*PROBLEM TO WORK ON:* A faithful copy is required: transcribe each line below exactly, minus the pictures.

Dataset excerpts
= = =
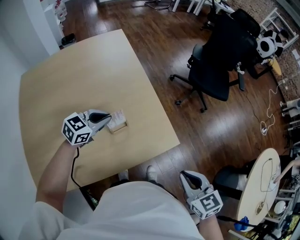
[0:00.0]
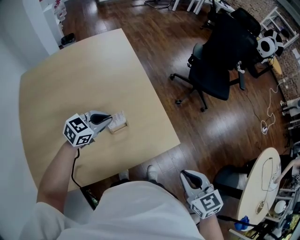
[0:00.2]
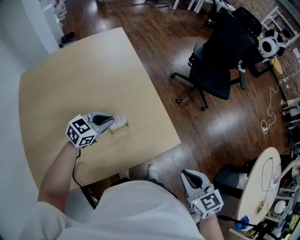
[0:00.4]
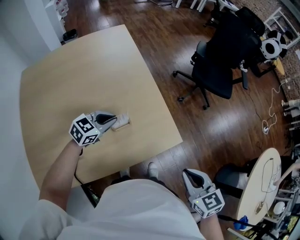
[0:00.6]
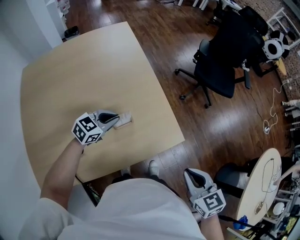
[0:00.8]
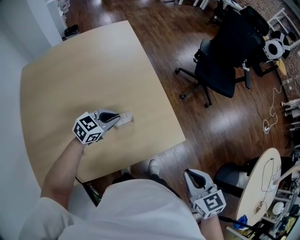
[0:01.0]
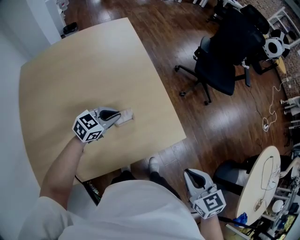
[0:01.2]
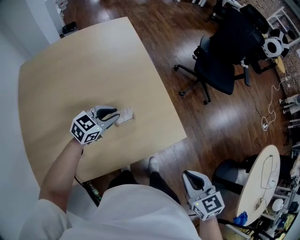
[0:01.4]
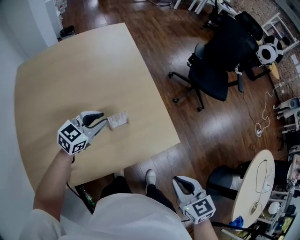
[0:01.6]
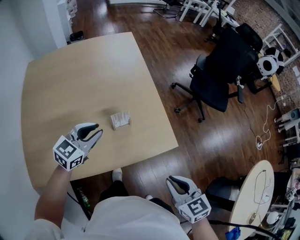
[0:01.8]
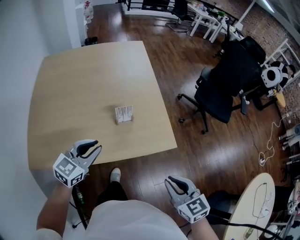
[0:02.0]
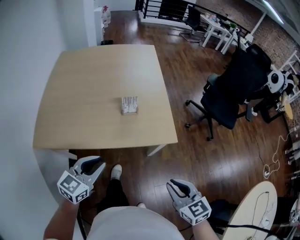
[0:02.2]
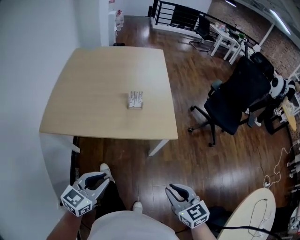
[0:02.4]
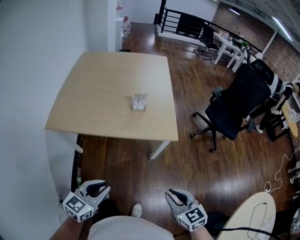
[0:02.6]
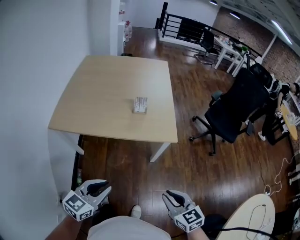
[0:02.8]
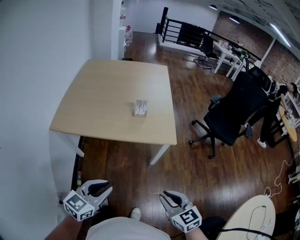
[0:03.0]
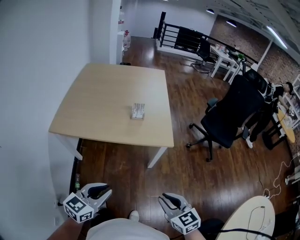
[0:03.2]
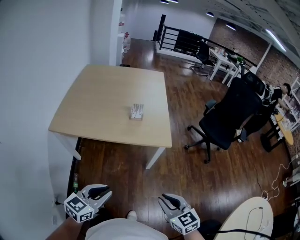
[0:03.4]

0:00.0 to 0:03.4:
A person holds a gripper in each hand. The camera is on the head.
0:00.0 to 0:01.6: The grippers stay close to where they were, moving slightly.
0:01.6 to 0:03.4: The right gripper moves approximately 30 cm, and changes its angle by about 30 degrees; the left gripper moves roughly 60 cm, and swivels about 30 degrees.
= = =
*TASK RESULT:*
[0:00.0]
[0:00.2]
[0:00.4]
[0:00.6]
[0:00.8]
[0:01.0]
[0:01.2]
[0:01.4]
[0:01.6]
[0:01.8]
[0:02.0]
[0:02.2]
[0:02.4]
[0:02.6]
[0:02.8]
[0:03.0]
[0:03.2]
[0:03.4]

0:00.0 to 0:03.4:
A person holds a gripper in each hand. The camera is on the head.
0:00.0 to 0:01.6: The grippers stay close to where they were, moving slightly.
0:01.6 to 0:03.4: The right gripper moves approximately 30 cm, and changes its angle by about 30 degrees; the left gripper moves roughly 60 cm, and swivels about 30 degrees.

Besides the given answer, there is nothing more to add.